• Entry type: Person
  • Entry ID: AWE24070410

Andrew, Rose

  • Birth name Ashworth, Rose
(1910 – 1998)
  • Born 23 December, 1910, Blackpool England
  • Died 8 October, 1998, Batemans Bay New South Wales Australia
  • Occupation Community activist, Parliamentarian

Summary

Rose Andrew was elected an independent member of the sixteenth ACT Advisory Council in September 1961. She served one three-year term during which she supported community development such as proposing a heated swimming pool be built in Canberra. One of two female members of the Council, she did not seek re-election in 1964. Prior to being elected to the ACT Advisory Council she was President of the Canberra branch of the Country Women’s Association of Australia (CWA) in 1959.

Details

Rose Andrew was born in Blackpool, England, the daughter of Harvey Ashworth, a farmer, and Alice Hughes. Rose was living at 207 George Street East Melbourne within walking distance of the city of Melbourne and employed as a clerk when she married Walter Dudley Andrew, public servant, at St Peter’s Church of England, East Melbourne on 1 July 1937. At this time, her parents were separated; her father lived in London and her mother was living in Cranbourne, south of Melbourne, then a small farming community.

By the 1950s, the Andrew family was living at 5 Dampier Crescent in the inner south Canberra suburb of Forrest, and Walter was working for the CSIRO. Walter and Rose, known in the family as Posey, had three children John, Robert and Helen.  They remained  in Canberra  apart from a period in 1955, when they were living at Deniliquin, a grazing district in south-west New South Wales, apparently in connection with Walter’s work with the CSIRO.

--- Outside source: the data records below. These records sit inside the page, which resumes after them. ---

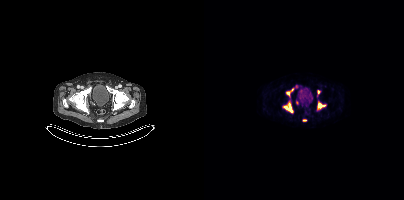
Findings: Coordinates are on the 200×200 PET (right) panel. (showing 5 of 6 foci) PSMA-avid tumor lesion bounding boxes (x0, y0)-(x1, y1): (79, 102)-(88, 112) | (114, 102)-(121, 108) | (83, 88)-(89, 95) | (114, 90)-(115, 95). Small PSMA-avid focus (2 to 4 px across) near (center x, center y): (93, 102).
- Paired axial CT (left) and PSMA PET (right), [18F]PSMA-1007 tracer
- slice 514 of 963
- PET panel 200×200 px (4.1 mm/px)
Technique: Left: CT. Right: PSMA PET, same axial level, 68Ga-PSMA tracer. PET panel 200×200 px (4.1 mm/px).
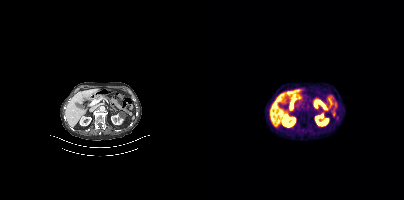
Findings: This slice has no annotated PSMA-avid lesion.
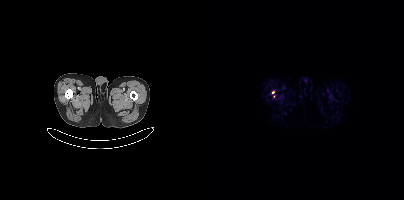
- Two-panel axial: CT | PSMA PET, [18F]PSMA-1007 tracer
- slice 13 of 419
- PET panel 200×200 px (4.1 mm/px)
Findings: Coordinates are on the 200×200 PET (right) panel. (showing 1 of 2 foci) Small PSMA-avid focus (2 to 4 px across) near (center x, center y): (69, 92).
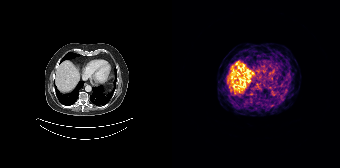
This slice has no annotated PSMA-avid lesion.
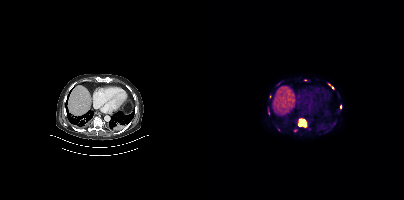
Coordinates are on the 200×200 PET (right) panel. (showing 4 of 7 foci) PSMA-avid tumor lesion bounding boxes (x, y, width, height): x=93 y=118 w=11 h=10 / x=124 y=83 w=7 h=7. Small PSMA-avid foci (2 to 4 px across) near (center x, center y): (136, 106) / (91, 130).
modality: PSMA PET/CT | tracer: [18F]PSMA-1007 | view: axial | PET grid: 200×200

Back in Canberra, Rose was involved in several community organisations and clubs in the later 1950s including Legacy, the Business and Professional Women’s Association, the Canberra Penguin Club a public speaking club, and the National Council of Women. In 1959, she was president of the local Country Women’s Association. Her concern for community and domestic issues was demonstrated during this period, when she wrote a Letter to the Editor of The Canberra Times concerned about hygiene standards for bread deliveries, and the inconvenience of butchers’ opening hours for households.

Rose Andrew was elected an independent Member of the sixteenth ACT Advisory Council in September 1961. She was one of only two female members in the eight-member Council, joining long-serving Ann Dalgarno, who had been the sole female member in the previous Council.

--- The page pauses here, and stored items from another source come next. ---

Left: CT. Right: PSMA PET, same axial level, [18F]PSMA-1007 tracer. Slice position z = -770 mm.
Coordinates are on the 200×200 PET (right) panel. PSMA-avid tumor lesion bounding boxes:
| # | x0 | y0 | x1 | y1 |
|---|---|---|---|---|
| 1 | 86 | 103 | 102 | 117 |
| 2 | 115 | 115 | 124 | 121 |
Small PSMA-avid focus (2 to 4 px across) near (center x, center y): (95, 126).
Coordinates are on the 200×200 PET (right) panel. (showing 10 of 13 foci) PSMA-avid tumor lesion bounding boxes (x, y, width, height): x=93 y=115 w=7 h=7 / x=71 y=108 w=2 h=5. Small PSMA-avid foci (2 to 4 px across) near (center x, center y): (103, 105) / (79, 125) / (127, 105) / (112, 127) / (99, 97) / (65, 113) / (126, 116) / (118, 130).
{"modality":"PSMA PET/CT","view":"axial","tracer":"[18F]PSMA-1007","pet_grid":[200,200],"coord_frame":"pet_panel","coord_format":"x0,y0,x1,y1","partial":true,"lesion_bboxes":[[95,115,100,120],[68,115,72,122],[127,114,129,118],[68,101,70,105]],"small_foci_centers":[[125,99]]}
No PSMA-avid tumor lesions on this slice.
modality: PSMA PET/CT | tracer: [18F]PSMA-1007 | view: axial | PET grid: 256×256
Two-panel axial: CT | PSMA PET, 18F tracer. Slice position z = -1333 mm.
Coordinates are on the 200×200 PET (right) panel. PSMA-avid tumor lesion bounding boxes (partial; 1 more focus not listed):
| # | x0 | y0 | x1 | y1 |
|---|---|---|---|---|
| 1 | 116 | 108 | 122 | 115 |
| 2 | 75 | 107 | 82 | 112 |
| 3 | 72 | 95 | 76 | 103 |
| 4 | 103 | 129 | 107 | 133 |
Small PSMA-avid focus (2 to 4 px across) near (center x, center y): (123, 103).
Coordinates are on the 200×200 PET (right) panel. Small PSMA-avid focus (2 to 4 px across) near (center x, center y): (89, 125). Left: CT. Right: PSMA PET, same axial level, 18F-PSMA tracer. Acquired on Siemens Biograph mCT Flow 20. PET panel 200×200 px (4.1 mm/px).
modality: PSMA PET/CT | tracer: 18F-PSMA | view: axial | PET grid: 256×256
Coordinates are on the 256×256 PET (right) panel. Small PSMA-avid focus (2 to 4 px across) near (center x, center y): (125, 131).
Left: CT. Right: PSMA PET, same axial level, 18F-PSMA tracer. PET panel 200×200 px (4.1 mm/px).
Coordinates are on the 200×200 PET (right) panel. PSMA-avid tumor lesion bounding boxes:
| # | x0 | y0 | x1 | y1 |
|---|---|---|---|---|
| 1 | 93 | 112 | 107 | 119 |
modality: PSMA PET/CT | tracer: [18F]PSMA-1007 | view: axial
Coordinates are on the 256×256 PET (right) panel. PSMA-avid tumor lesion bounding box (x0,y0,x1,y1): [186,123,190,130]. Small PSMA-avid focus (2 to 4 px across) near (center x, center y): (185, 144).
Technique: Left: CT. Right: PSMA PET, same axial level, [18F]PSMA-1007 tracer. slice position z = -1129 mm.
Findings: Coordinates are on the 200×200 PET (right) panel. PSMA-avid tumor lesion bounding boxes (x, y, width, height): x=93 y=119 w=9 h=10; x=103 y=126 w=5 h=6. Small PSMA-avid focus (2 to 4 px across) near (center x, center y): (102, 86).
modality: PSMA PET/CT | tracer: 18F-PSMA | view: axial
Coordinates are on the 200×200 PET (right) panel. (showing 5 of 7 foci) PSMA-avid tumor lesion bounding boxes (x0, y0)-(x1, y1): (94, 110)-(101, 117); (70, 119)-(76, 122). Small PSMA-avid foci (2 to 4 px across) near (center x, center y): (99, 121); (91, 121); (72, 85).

During her time on the Council, Rose Andrew’s most successful motion was for the construction of a heated swimming pool and ice rink. She argued that Canberra’s climate called for a heated swimming pool so that local swimmers weren’t at a disadvantage to those in warmer parts of Australia. The plan included an ice rink so that residual heat from the rink could be used to heat the pool. This proposal may have paved the way for the pool and ice rink eventually built in Phillip and opened in 1971.

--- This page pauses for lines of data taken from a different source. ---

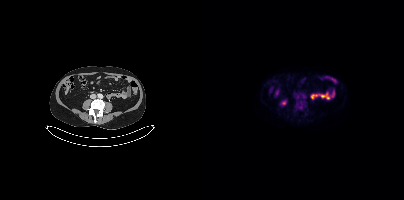
modality: PSMA PET/CT | tracer: [18F]PSMA-1007 | view: axial | PET grid: 200×200
No PSMA-avid tumor lesions on this slice.
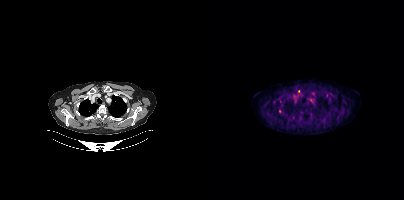
Technique: Paired axial CT (left) and PSMA PET (right), 18F-PSMA tracer. slice 336 of 429.
Findings: Coordinates are on the 200×200 PET (right) panel. (showing 1 of 2 foci) Small PSMA-avid focus (2 to 4 px across) near (center x, center y): (75, 111).
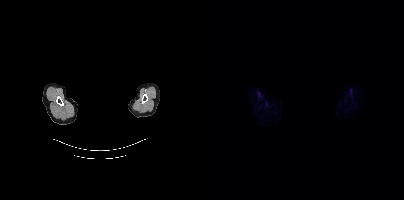
The face region was removed for patient privacy by blanking a rectangle over the head.
Negative for PSMA-avid disease on this slice.
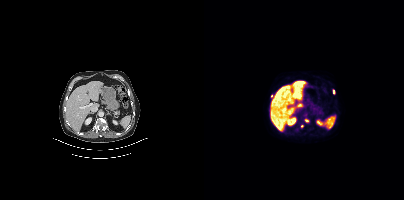
Coordinates are on the 200×200 PET (right) panel. (showing 3 of 4 foci) Small PSMA-avid foci (2 to 4 px across) near (center x, center y): (102, 120) (129, 91) (67, 96).
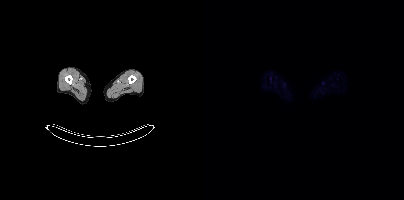
No tumor lesions annotated on this slice.
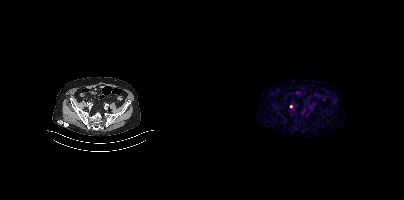
Coordinates are on the 200×200 PET (right) panel. Small PSMA-avid focus (2 to 4 px across) near (center x, center y): (86, 106).
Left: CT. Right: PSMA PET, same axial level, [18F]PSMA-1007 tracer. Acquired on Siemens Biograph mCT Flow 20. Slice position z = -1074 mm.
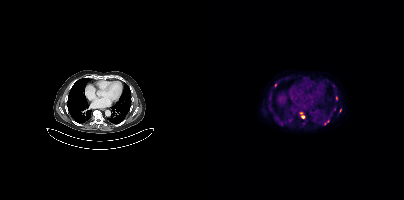
Coordinates are on the 200×200 PET (right) panel. (showing 5 of 7 foci) PSMA-avid tumor lesion bounding boxes (x, y, width, height): x=96 y=112 w=6 h=7; x=120 y=120 w=5 h=5. Small PSMA-avid foci (2 to 4 px across) near (center x, center y): (136, 110); (71, 85); (132, 97).
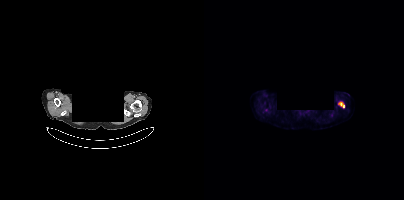
Findings: Coordinates are on the 200×200 PET (right) panel. PSMA-avid tumor lesion bounding box (x, y, width, height): x=134 y=102 w=7 h=6.
- Left: CT. Right: PSMA PET, same axial level, 18F-PSMA tracer
- acquired on Siemens Biograph mCT Flow 20
- face de-identified by blanking a block of the head
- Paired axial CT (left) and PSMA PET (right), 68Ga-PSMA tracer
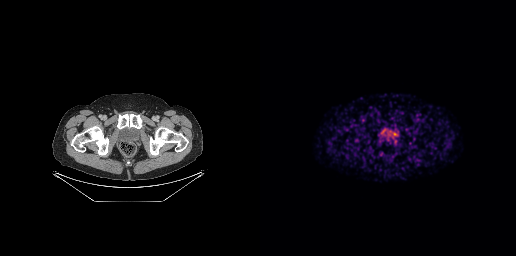
Findings: Only PSMA-avid lesion pieces thinner than 2 px on this slice (not listed).
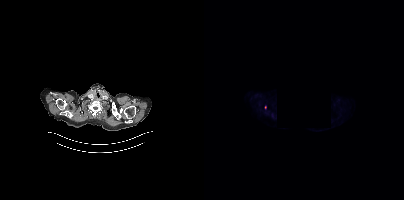
Coordinates are on the 200×200 PET (right) panel. Small PSMA-avid focus (2 to 4 px across) near (center x, center y): (61, 107). A rectangular privacy mask was applied before release. Paired axial CT (left) and PSMA PET (right), [18F]PSMA-1007 tracer. Slice 321 of 383. PET panel 200×200 px (4.1 mm/px).
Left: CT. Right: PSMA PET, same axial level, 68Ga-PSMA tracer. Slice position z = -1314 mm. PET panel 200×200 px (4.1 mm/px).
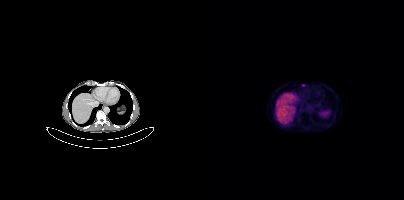
No tumor lesions annotated on this slice.

Another significant motion she led was for the establishment of a Milk Authority for the ACT. This came from rises in milk prices which she considered to be exploitative of Canberra buyers, emphasising its effect on housewives. The motion was rejected by the council in June 1962, but she continued to advocate for the change, proposing it again in April 1963. She finally dropped the plan in 1964, after accepting the reasons given by the Minister for the Interior against its implementation.

Her other actions on the Council included leading a motion to ban boxing in the ACT, which was defeated with the Council instead proposing a Boxing Commission to enforce new regulations, and a proposal for a Voluntary Ambulance Contribution Fund, also defeated. She supported the establishment of a local government for the ACT, a motion to end the death penalty in the ACT, and a motion to improve apprentices’ wages and working conditions.

Related to her time on the CWA, she often contributed opinions in support of her female constituents to discussions with the Council. This was evident in her advocacy for the Milk Authority, as well as arguing against increases in bread prices and telephone charges concerned with their effect on Canberra’s housewives.

Rose Andrew did not contest the 1964 election and as far as is known did not take any further part in public life. By the mid-1960s the family had moved to Kandy, Ceylon, and later lived in Argentina, apparently because of Walter’s work.

Rose died at Batemans Bay NSW on 7 October 1998, age 87 years. She was buried in the Anglican Lawn section of Woden Cemetery where her mother had been buried in the next grave nearly 50 years before. Her gravestone gives details of Rose’s rich family life but does not mention her public life.